4th order all the way baby.
It seems like most of the high end are 4th order.
Like the KEF Q is 2nd order, the R is 3rd order, and then the Reference, Blade, and Muon are 4th order.
It seems like all the great measuring speakers are 4th order. Must be a good reason for that.
That's nonsense. The correct crossover is the one determined by the driver specs, and what type of lobing and dispersion you want.
Now smooth frequency response is essential. Even small aberrations in the mid band response and even as little as a db is audible.
Fourth order crossovers do to some extent make smooth overal response easier. However just designing a fourth order crossover is pure laziness.

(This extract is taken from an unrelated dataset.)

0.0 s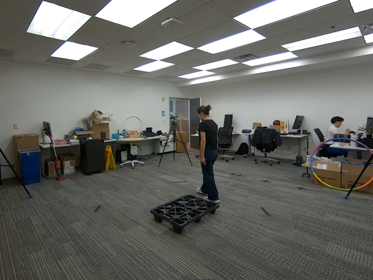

Now we get into phase and time shifts. I do believe you should make the absolute minimum of time and phase shifts commensurate with smooth frequency response and overall deign goals.
I share the view that speakers with fourth order filters, though many are excellent, never go away with the gold.
A good fourth order design compared to an equally good design with less phase and time shift sounds some what "slugged."
Now I admit I'm influenced a lot here by Ted Jordan, who did an awful lot of work on this. There is a degradation in realism, especially the space around instruments, that is harmed the more the harmonics of instruments are separated from their fundamentals, in time and phase. I have certainly noticed this in my endeavors.
Worst case scenarios are when you have to reverse phase a driver to prevent a null at crossover. This does not preclude second order crossovers. The reason is that in the real world the crossover of a two way for instance is seldom at the same frequency for both drivers.
The acoustic orders have to be summed with the electrical orders. So you can avoid nulls at crossover even with second order crossovers.
So I do believe it is desirable to keep phase and time shifts to a minimum, but not as an over riding goal.